• _Problem_
The full listing, written out exactly and without images, is the expected result.

※ ※ ※

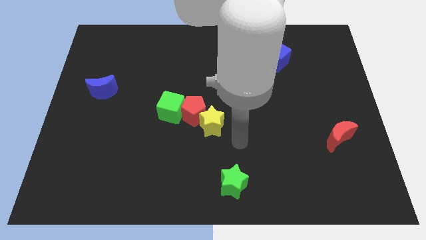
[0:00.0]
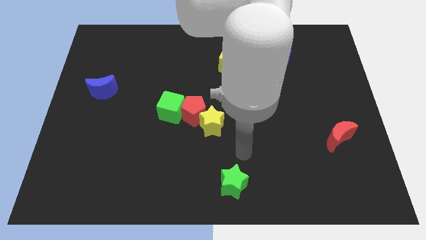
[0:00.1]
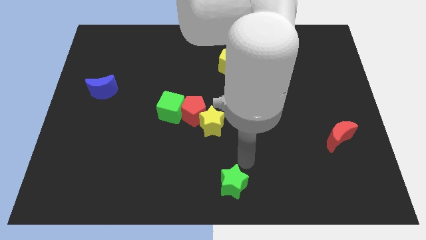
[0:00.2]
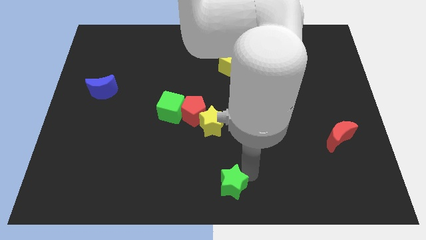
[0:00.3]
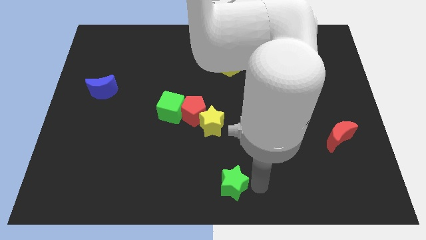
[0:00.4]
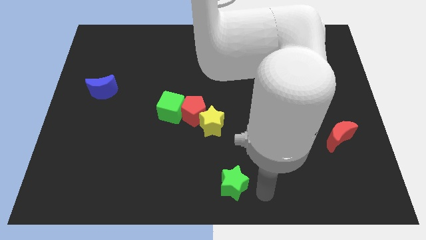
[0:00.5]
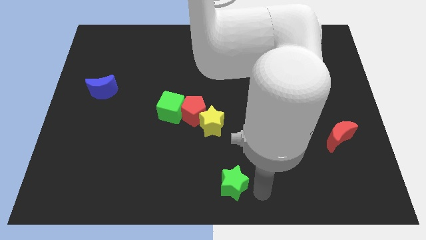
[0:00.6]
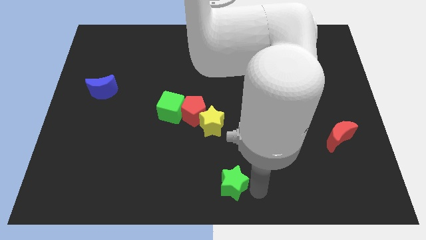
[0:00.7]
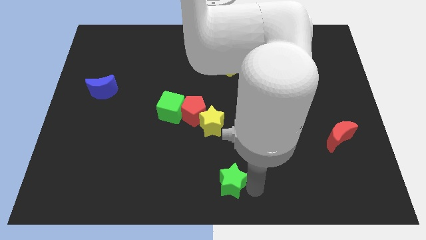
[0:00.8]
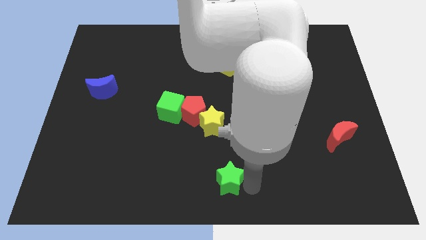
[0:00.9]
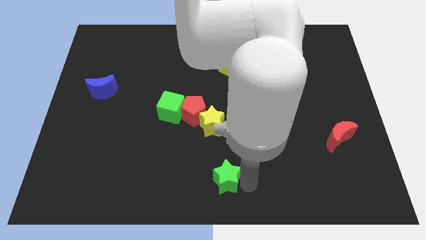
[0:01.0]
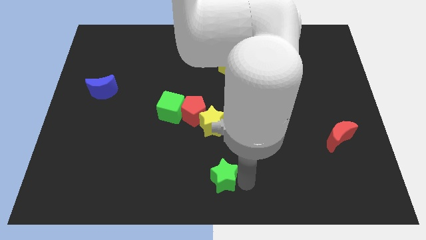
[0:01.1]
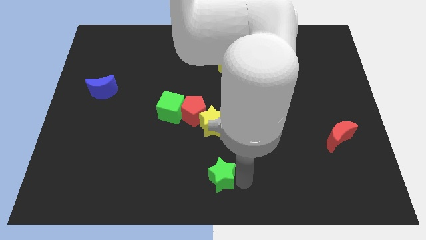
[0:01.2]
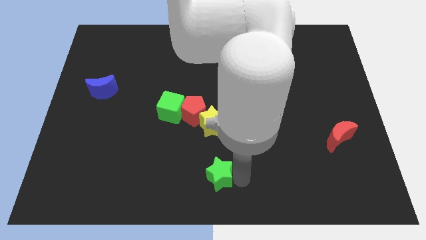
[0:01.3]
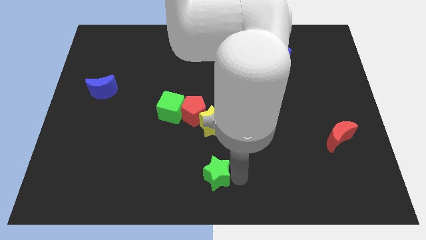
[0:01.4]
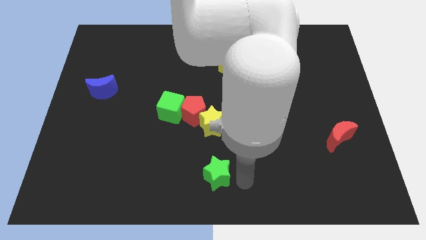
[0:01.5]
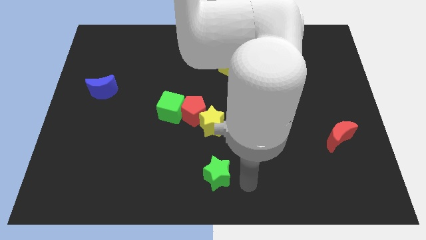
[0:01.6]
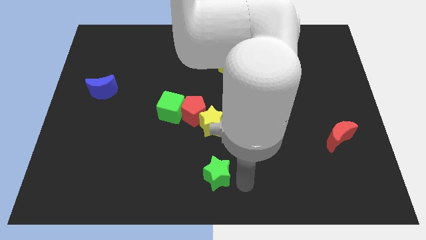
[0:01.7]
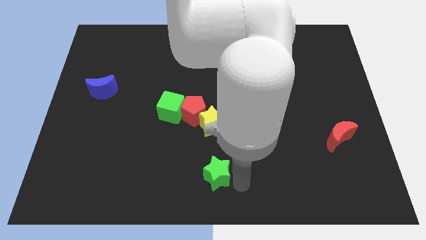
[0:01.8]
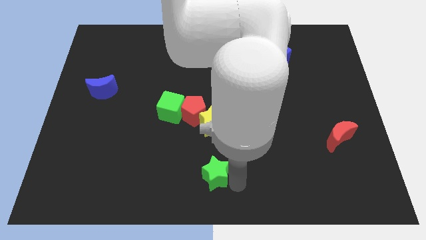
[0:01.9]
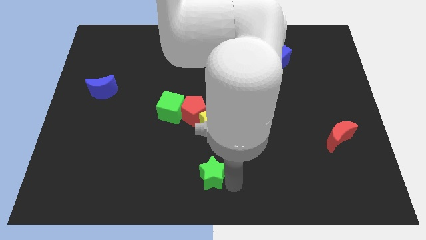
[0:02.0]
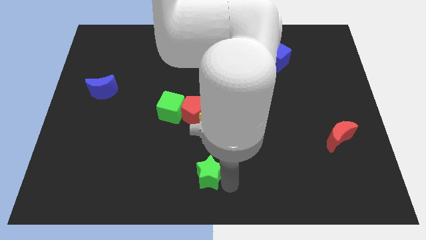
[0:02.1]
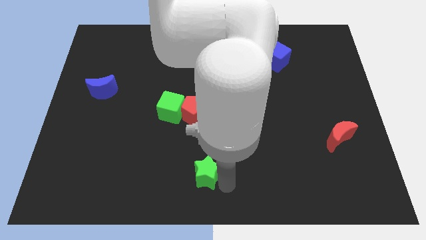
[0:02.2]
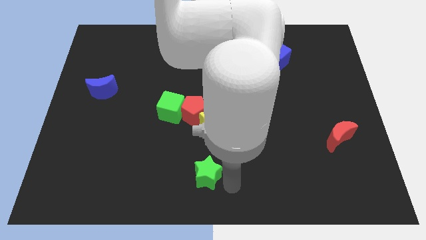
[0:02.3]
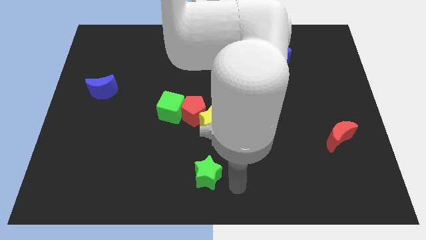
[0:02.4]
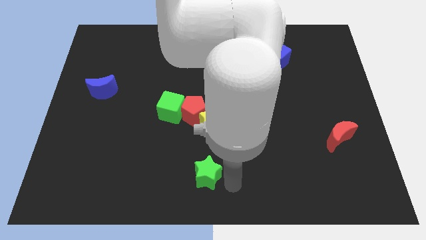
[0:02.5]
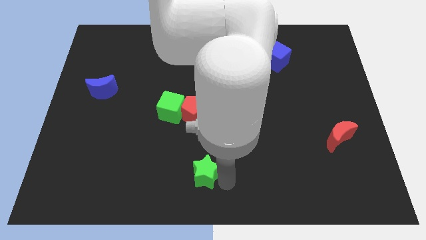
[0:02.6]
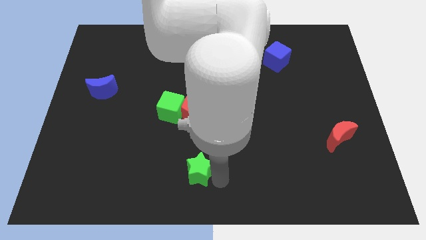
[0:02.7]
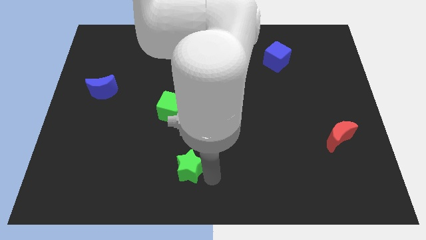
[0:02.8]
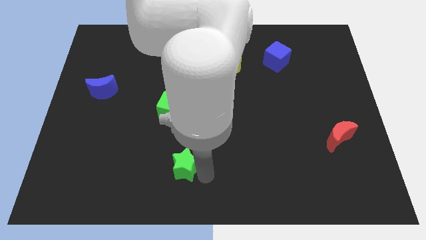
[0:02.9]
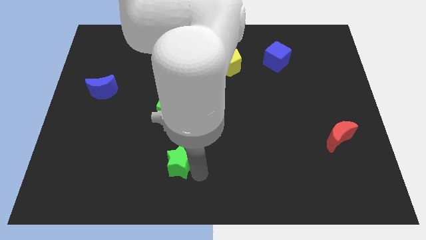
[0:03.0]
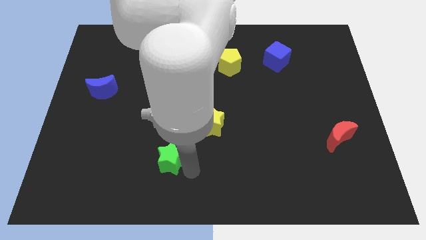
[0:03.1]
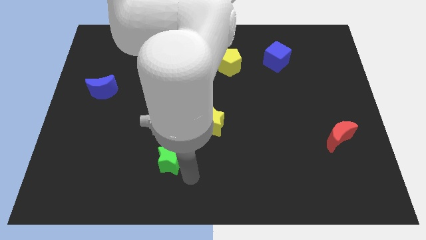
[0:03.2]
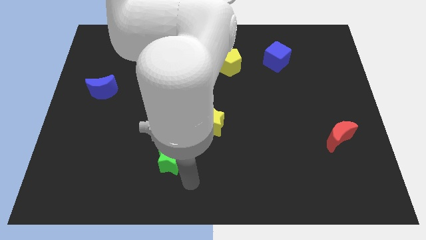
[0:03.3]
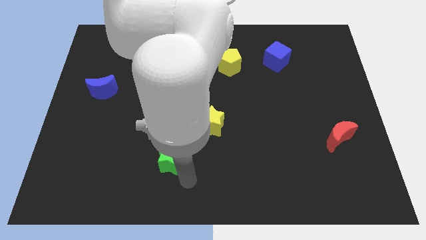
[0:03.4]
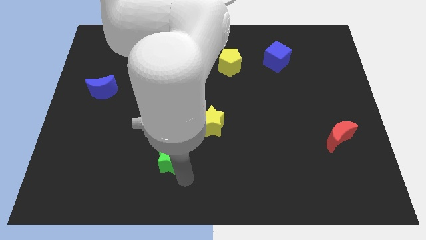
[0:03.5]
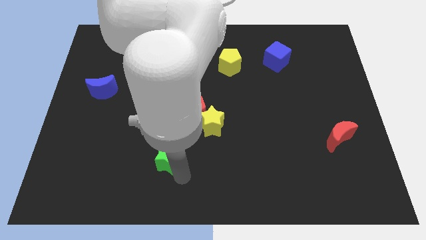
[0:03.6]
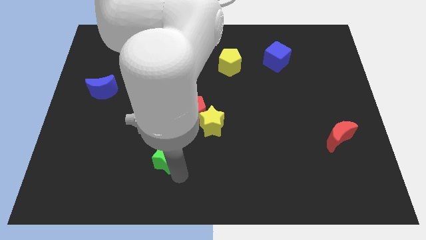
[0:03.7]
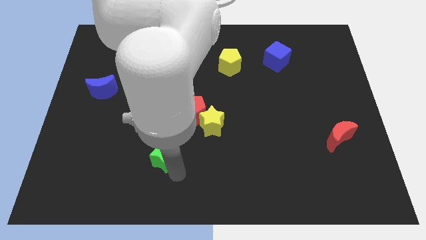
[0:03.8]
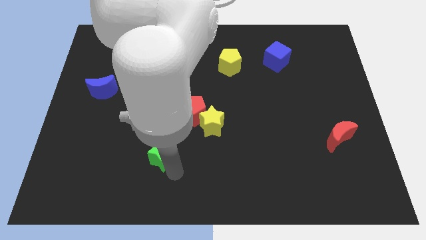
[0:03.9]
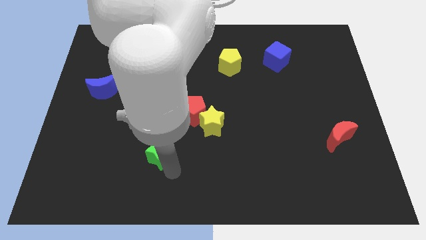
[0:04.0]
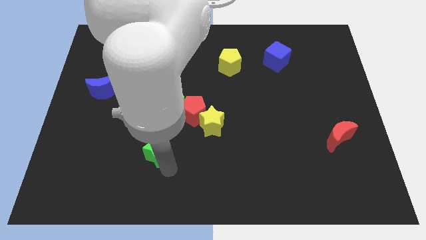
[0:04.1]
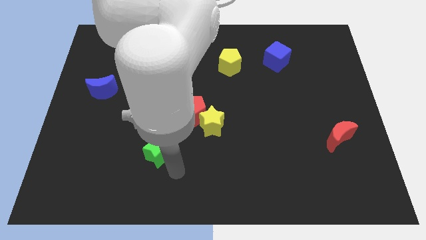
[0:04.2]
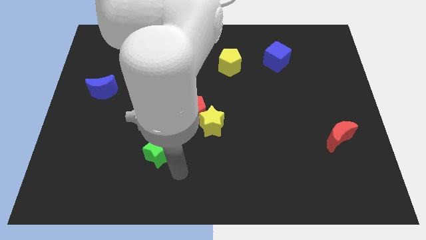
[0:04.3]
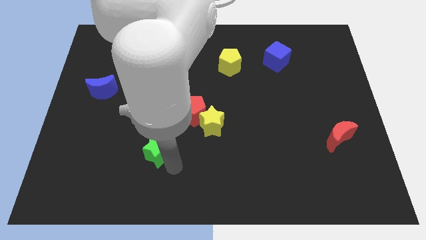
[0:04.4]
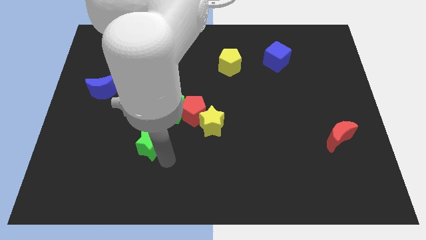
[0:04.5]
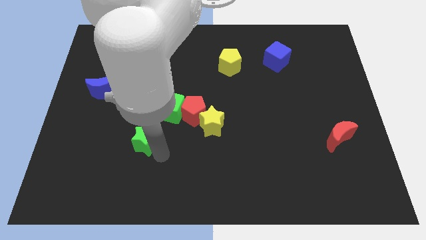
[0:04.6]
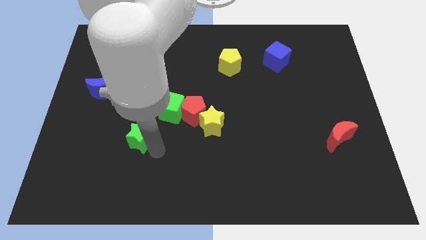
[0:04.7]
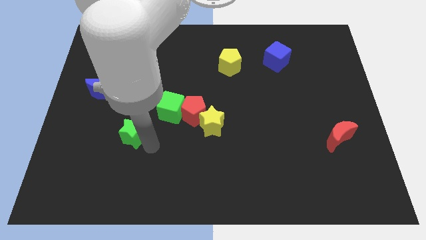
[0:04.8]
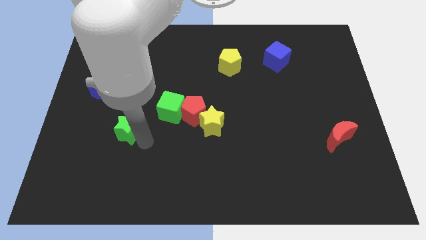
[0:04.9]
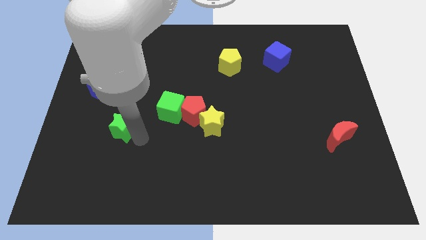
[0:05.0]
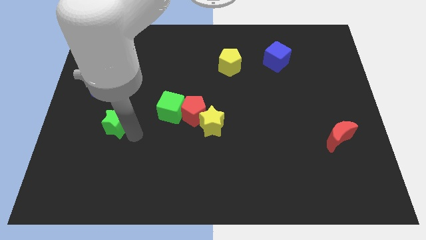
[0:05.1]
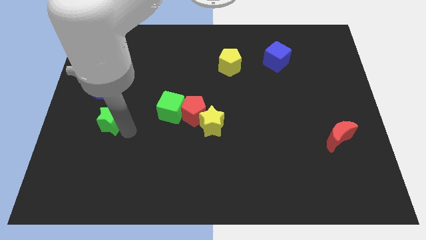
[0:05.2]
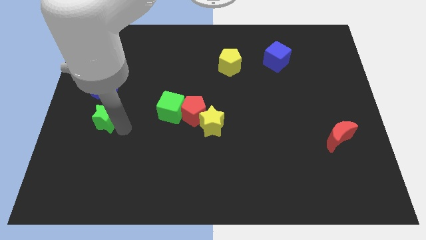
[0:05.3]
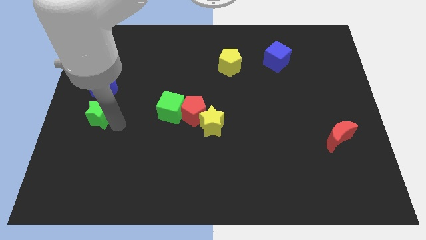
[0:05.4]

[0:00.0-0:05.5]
move the green star to the left side

※ ※ ※

• _Problem solution_
[0:00.0]
[0:00.1]
[0:00.2]
[0:00.3]
[0:00.4]
[0:00.5]
[0:00.6]
[0:00.7]
[0:00.8]
[0:00.9]
[0:01.0]
[0:01.1]
[0:01.2]
[0:01.3]
[0:01.4]
[0:01.5]
[0:01.6]
[0:01.7]
[0:01.8]
[0:01.9]
[0:02.0]
[0:02.1]
[0:02.2]
[0:02.3]
[0:02.4]
[0:02.5]
[0:02.6]
[0:02.7]
[0:02.8]
[0:02.9]
[0:03.0]
[0:03.1]
[0:03.2]
[0:03.3]
[0:03.4]
[0:03.5]
[0:03.6]
[0:03.7]
[0:03.8]
[0:03.9]
[0:04.0]
[0:04.1]
[0:04.2]
[0:04.3]
[0:04.4]
[0:04.5]
[0:04.6]
[0:04.7]
[0:04.8]
[0:04.9]
[0:05.0]
[0:05.1]
[0:05.2]
[0:05.3]
[0:05.4]

[0:00.0-0:05.5]
move the green star to the left side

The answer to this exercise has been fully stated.